(Saved data entries)
━━━━━━━━━━━━━━━━

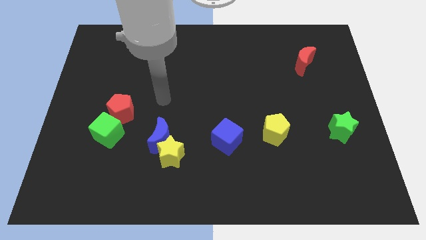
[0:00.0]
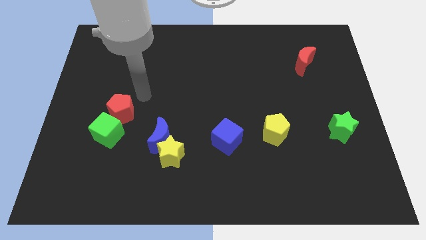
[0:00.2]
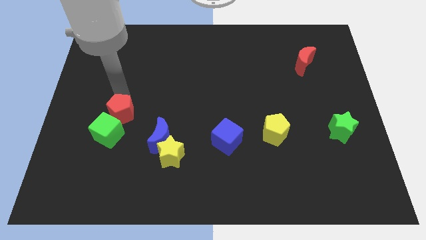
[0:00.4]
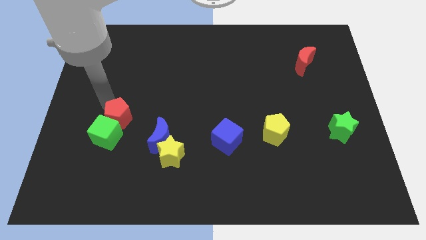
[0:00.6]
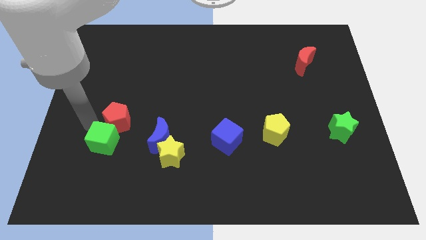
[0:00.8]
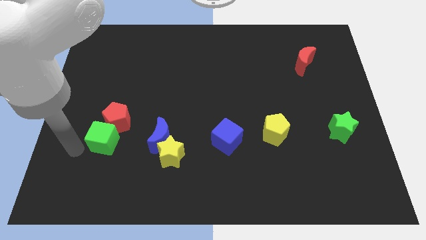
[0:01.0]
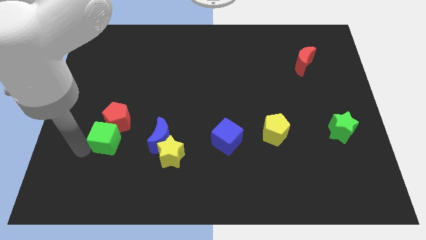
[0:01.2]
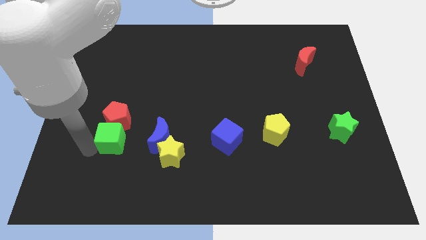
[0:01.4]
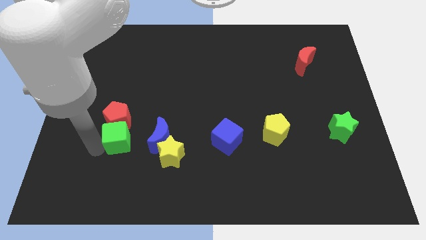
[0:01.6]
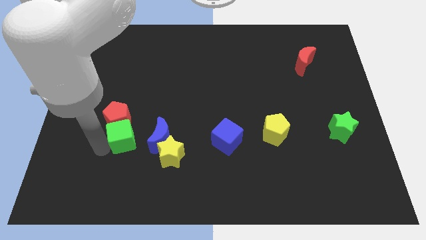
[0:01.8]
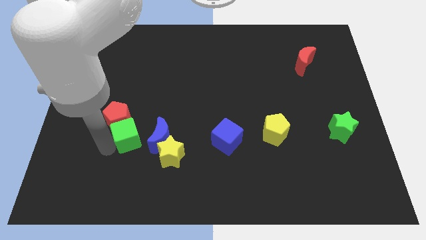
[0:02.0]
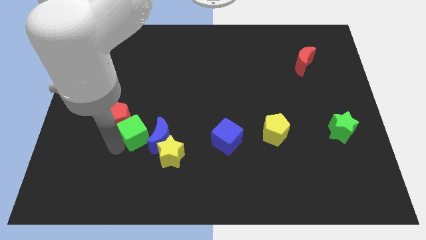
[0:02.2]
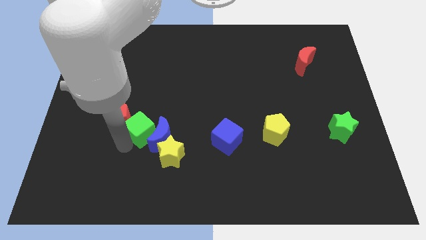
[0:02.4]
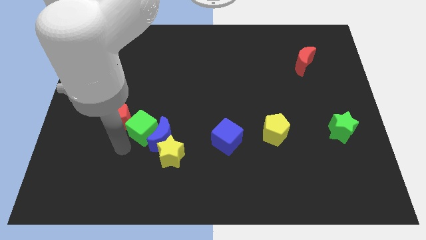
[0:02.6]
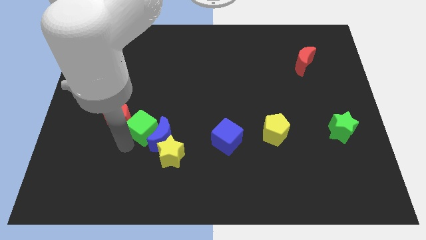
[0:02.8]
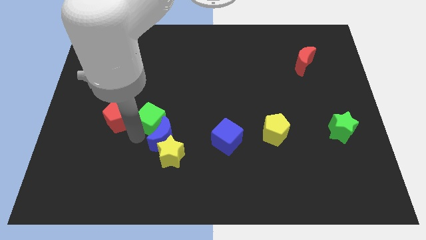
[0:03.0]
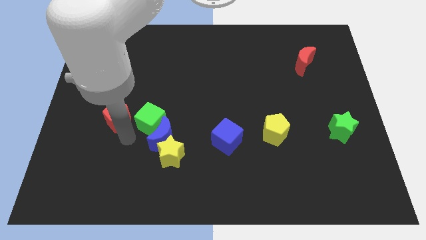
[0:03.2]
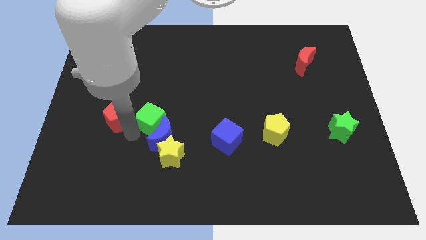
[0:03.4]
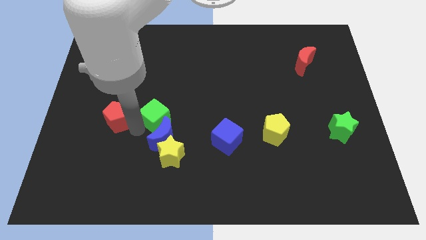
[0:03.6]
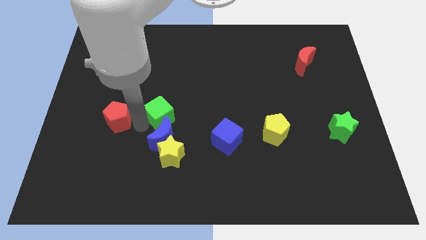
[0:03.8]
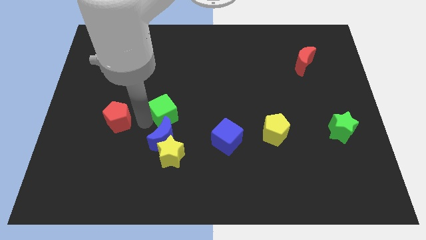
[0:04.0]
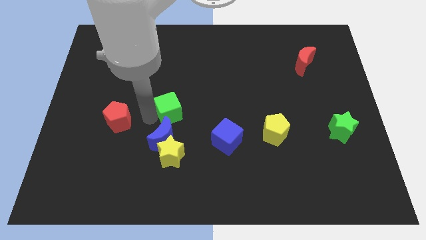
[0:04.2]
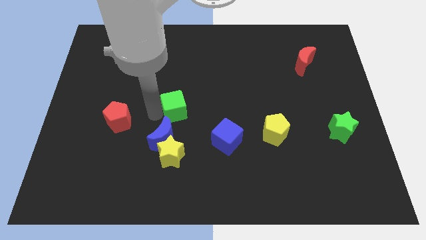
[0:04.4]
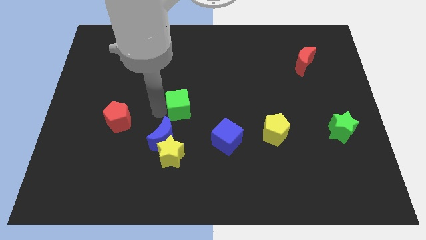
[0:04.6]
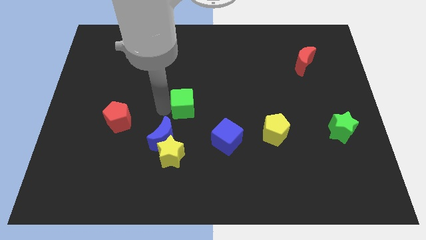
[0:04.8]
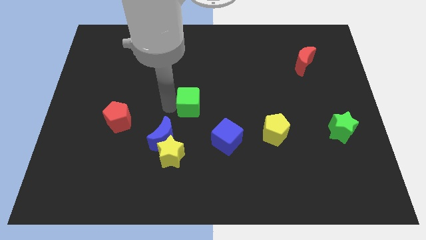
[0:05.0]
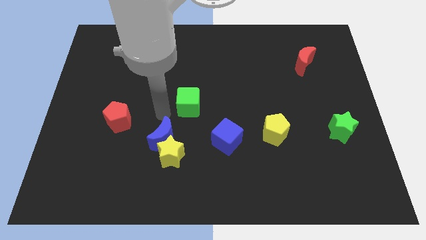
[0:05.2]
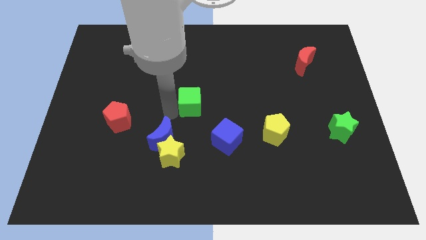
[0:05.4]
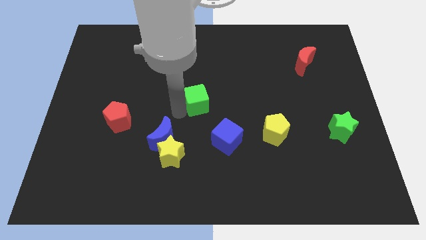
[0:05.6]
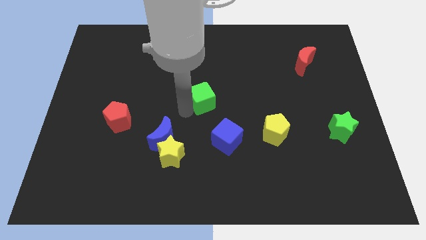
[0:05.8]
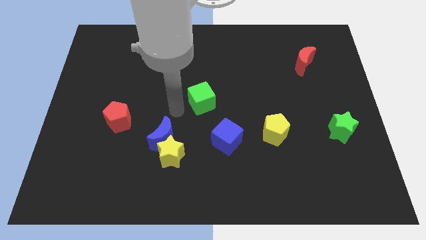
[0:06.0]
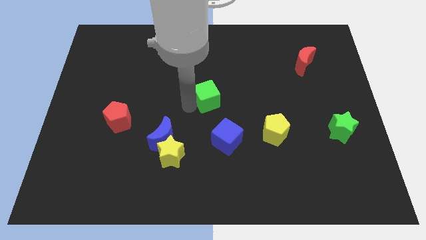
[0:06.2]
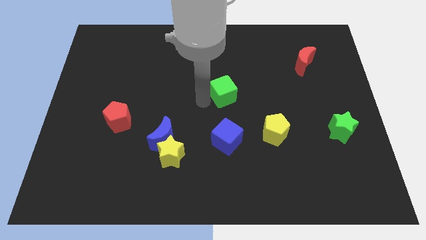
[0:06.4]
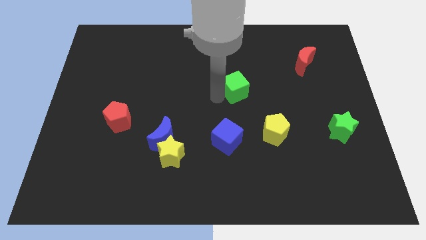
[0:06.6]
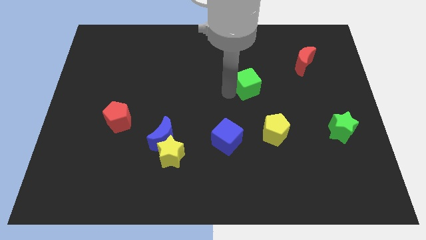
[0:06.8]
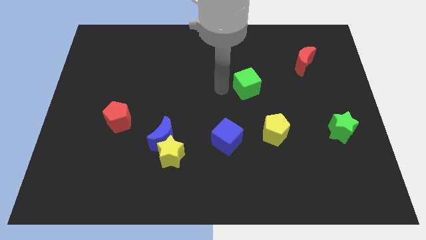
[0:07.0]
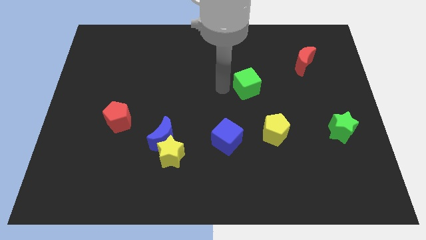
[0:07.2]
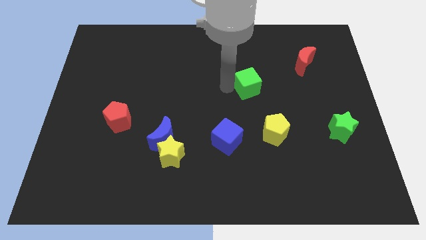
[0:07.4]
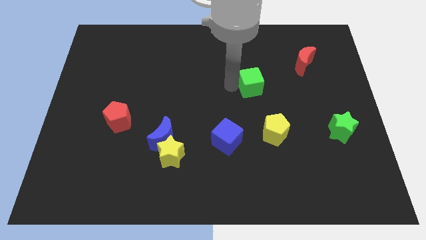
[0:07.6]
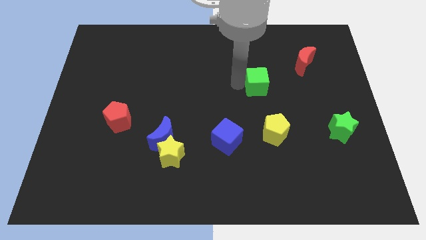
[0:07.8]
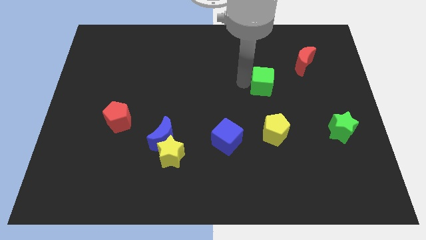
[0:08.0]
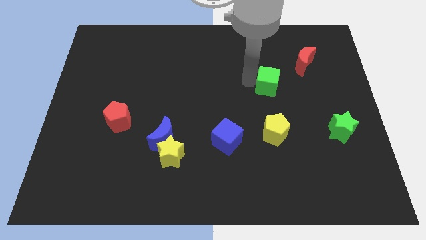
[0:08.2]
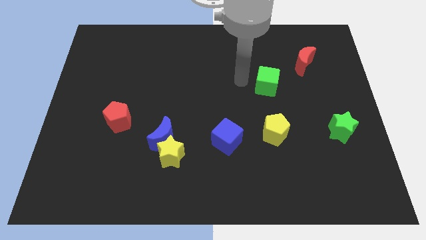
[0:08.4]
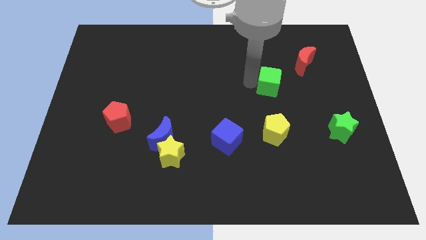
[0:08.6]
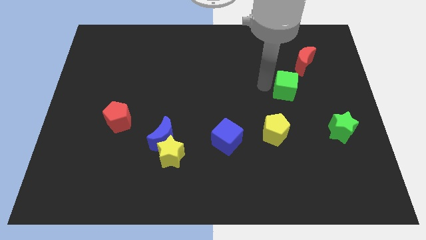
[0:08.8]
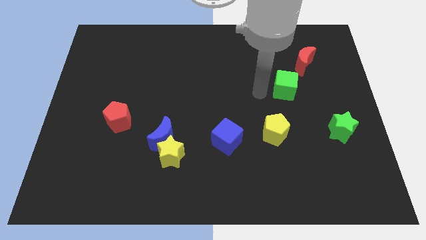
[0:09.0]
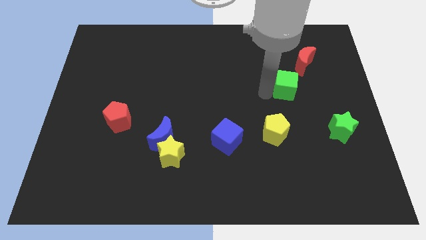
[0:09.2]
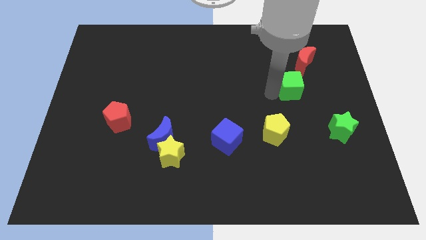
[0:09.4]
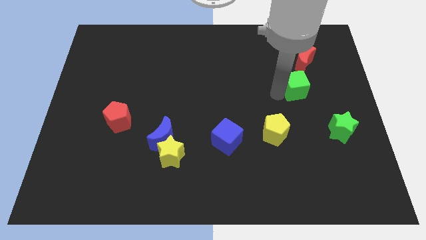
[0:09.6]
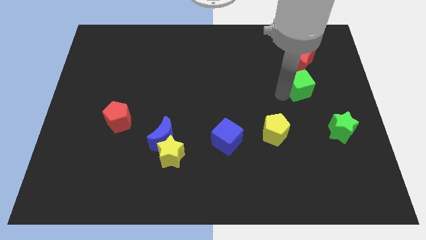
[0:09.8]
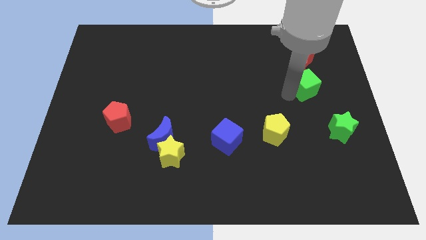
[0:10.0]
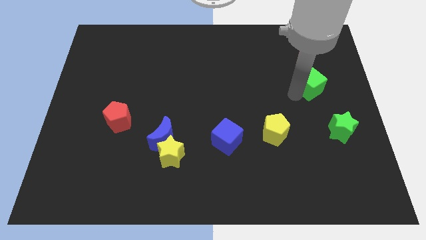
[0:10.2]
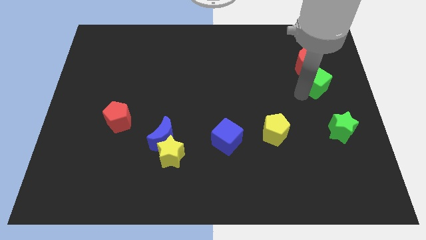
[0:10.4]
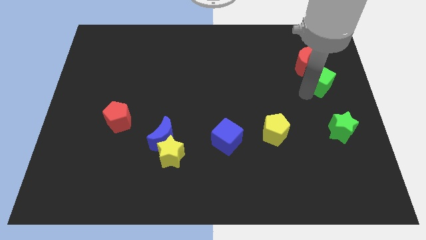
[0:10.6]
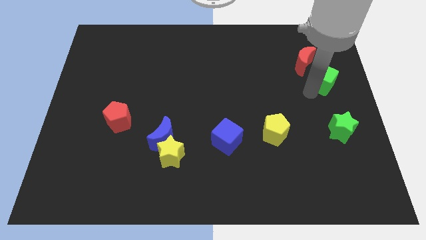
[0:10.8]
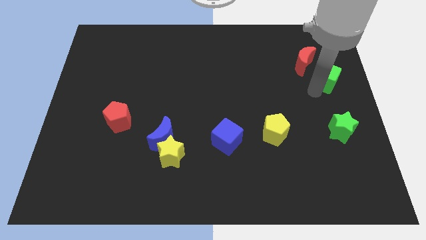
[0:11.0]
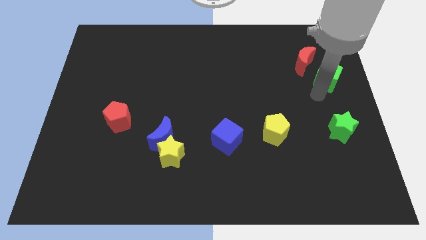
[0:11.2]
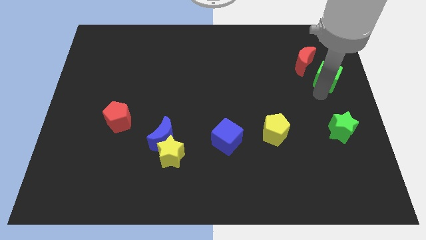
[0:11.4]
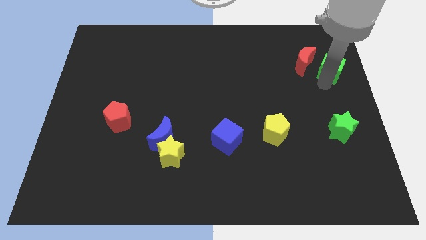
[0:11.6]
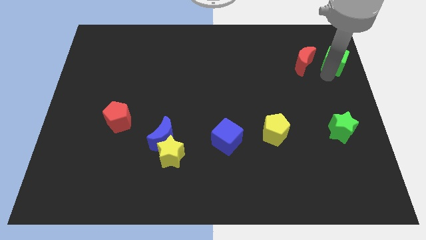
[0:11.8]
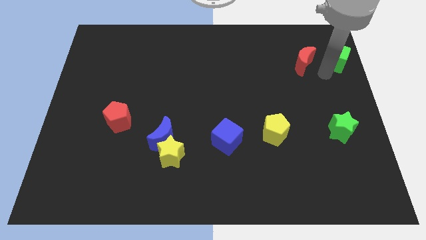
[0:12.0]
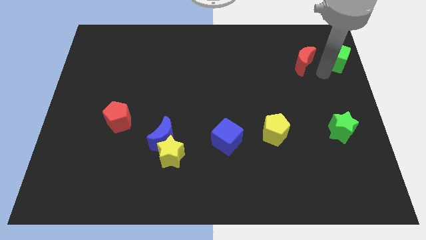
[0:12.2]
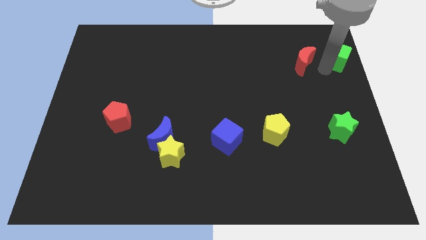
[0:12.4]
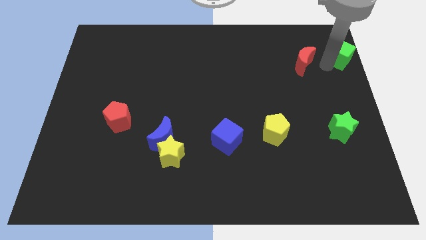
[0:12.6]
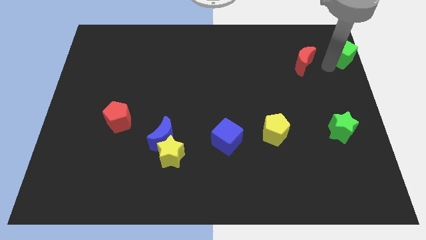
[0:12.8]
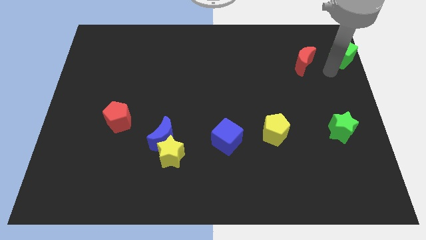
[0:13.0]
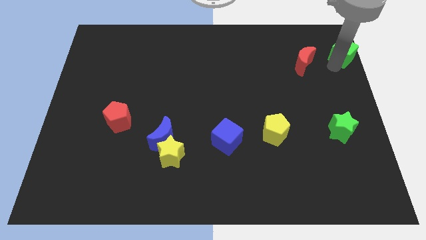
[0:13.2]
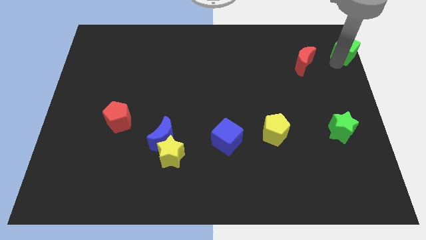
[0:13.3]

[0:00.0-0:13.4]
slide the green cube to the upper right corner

━━━━━━━━━━━━━━━━

EXERCISE DETAILS - Pictures must be left out when the records are transcribed exactly.

RESPONSE -
[0:00.0]
[0:00.2]
[0:00.4]
[0:00.6]
[0:00.8]
[0:01.0]
[0:01.2]
[0:01.4]
[0:01.6]
[0:01.8]
[0:02.0]
[0:02.2]
[0:02.4]
[0:02.6]
[0:02.8]
[0:03.0]
[0:03.2]
[0:03.4]
[0:03.6]
[0:03.8]
[0:04.0]
[0:04.2]
[0:04.4]
[0:04.6]
[0:04.8]
[0:05.0]
[0:05.2]
[0:05.4]
[0:05.6]
[0:05.8]
[0:06.0]
[0:06.2]
[0:06.4]
[0:06.6]
[0:06.8]
[0:07.0]
[0:07.2]
[0:07.4]
[0:07.6]
[0:07.8]
[0:08.0]
[0:08.2]
[0:08.4]
[0:08.6]
[0:08.8]
[0:09.0]
[0:09.2]
[0:09.4]
[0:09.6]
[0:09.8]
[0:10.0]
[0:10.2]
[0:10.4]
[0:10.6]
[0:10.8]
[0:11.0]
[0:11.2]
[0:11.4]
[0:11.6]
[0:11.8]
[0:12.0]
[0:12.2]
[0:12.4]
[0:12.6]
[0:12.8]
[0:13.0]
[0:13.2]
[0:13.3]

[0:00.0-0:13.4]
slide the green cube to the upper right corner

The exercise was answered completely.